Zooming in on coastal and eastern Connecticut shows no data on this map because, Wagener said, POSM did not complete its work in many of those towns.

Data from 1997 can be viewed by clicking on “1997 Municipal and Private Open Space” on the left side of the page. The map at right will show properties in various colors, designating parks, forests, preserves, and school property.

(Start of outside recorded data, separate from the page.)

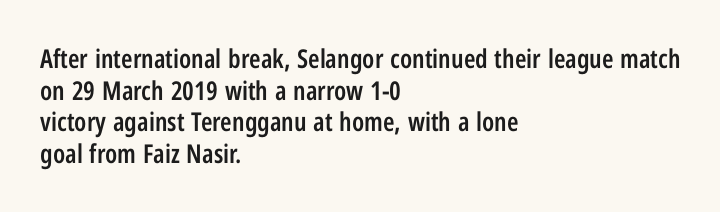
{"italic": "no", "bold": "semi", "underline": "no", "align": "left", "line_spacing_ratio": 1.22, "letter_spacing": "normal", "letter_spacing_em": 0.0, "glyph_px": 26}
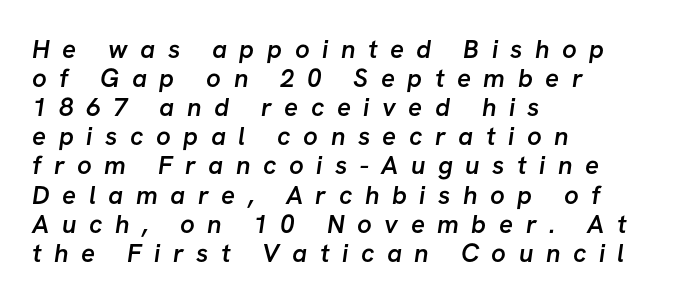
Only glyphs here, with clear space below each row. How are the letters spaced? Widely, with obvious added tracking. Line beginnings align vertically; line endings do not. The designer dialed line spacing down below the default. Heft: intermediate — a semibold.
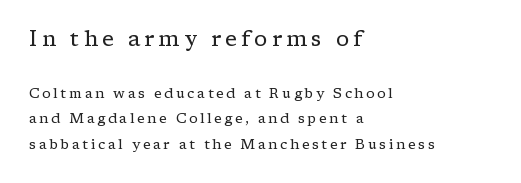
Q: Is the text bold? A: No.
Q: Is the text italic (slanted)? A: No, it is upright.
Q: Is the text underlined? A: No.
Q: How is the paragraph aligned? A: Left-aligned.
Q: Which block of text is set in a larger size, the first (top) or the second (bottom)? A: The first (top) one.
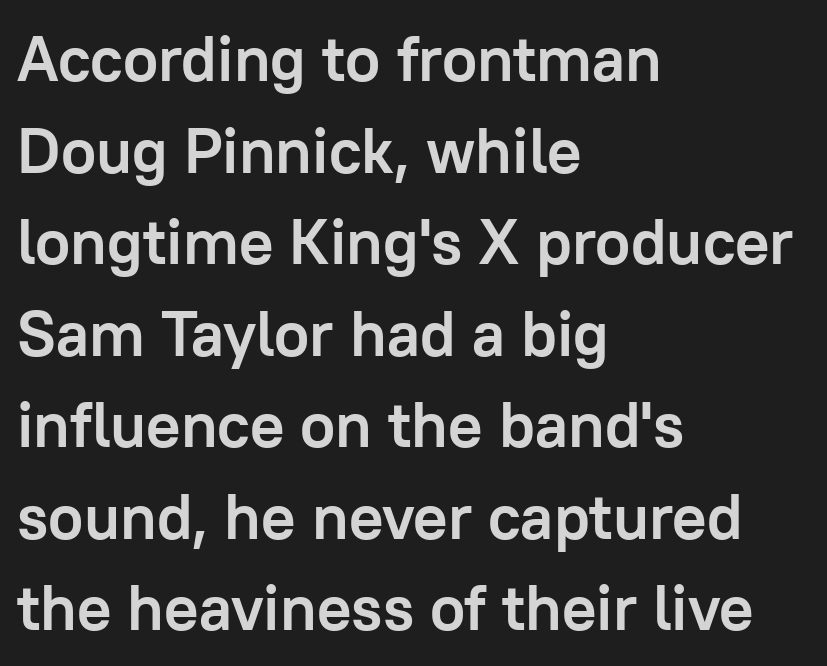
Q: Is the text bold? A: Yes.
Q: Is the text italic (slanted)? A: No, it is upright.
Q: Is the typeface a serif or a sans-serif typeface? A: Sans-serif.
Q: Is the text underlined? A: No.
Q: How is the paragraph aligned? A: Left-aligned.
Q: Is the spacing between letters normal or unusually wide? A: Normal.
Q: Is the spacing between lines tight, normal or loose? A: Normal.
Q: Width (condensed, normal, or wide)? A: Normal.
Q: Stroke contrast? A: Low.
Q: x-height? A: Medium.
Q: Monospaced? A: No.
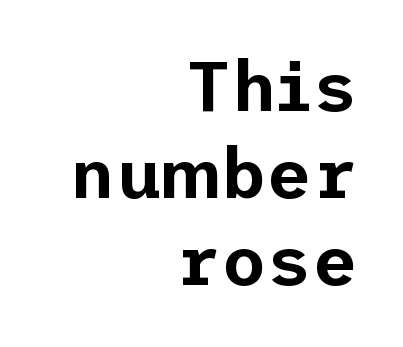
{"serif": "no", "italic": "no", "width": "normal", "stroke_contrast": "low", "x_height": "medium", "underline": "no", "align": "right", "line_spacing_ratio": 1.24, "letter_spacing": "normal", "letter_spacing_em": 0.0, "glyph_px": 70}
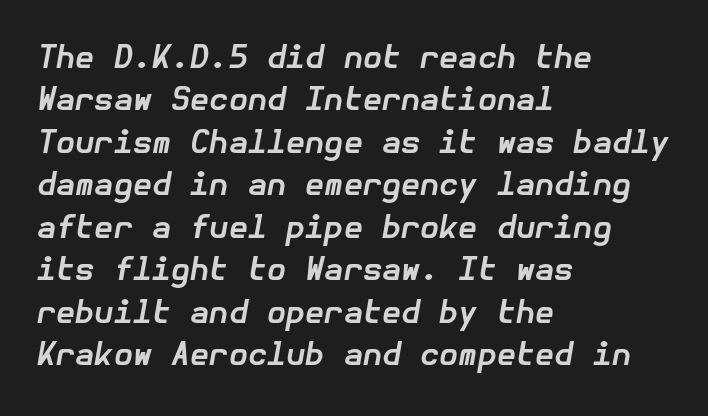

Based on these maps, then, the state:

  • Knows about (acquired a half century ago) but does not know about the 77-acre Summer Hill property in North Madison, near Hammonasset Reservoir, acquired just this year.
  • Knows about Bluff Point Coastal Reserve and Haley Farm State Park in Groton, but not about the 76-acre Merritt Family Forest, acquired in 2008.
  • Does not know about hundreds of acres (out of 2,500 total) preserved by the Avalonia Land Conservation Trust in Groton, Ledyard, Stonington, North Stonington, Griswold, Preston, and Voluntown.
  • Knows about in Waterford but not about acreage set aside as open land in subdivisions since regulations added that provision decades ago.

It seemed that it might be easy for a smart person to gather the lists of protected land from a town. But it’s not. Most towns have that information, but not in one place. Since not all land that has been protected from development is open to the public, an inventory is not the simple matter of making a list of public parks and nature preserves.

One town clerk told me I was welcome to come down there and do research in the land records, but that she wasn’t sure who might have a list.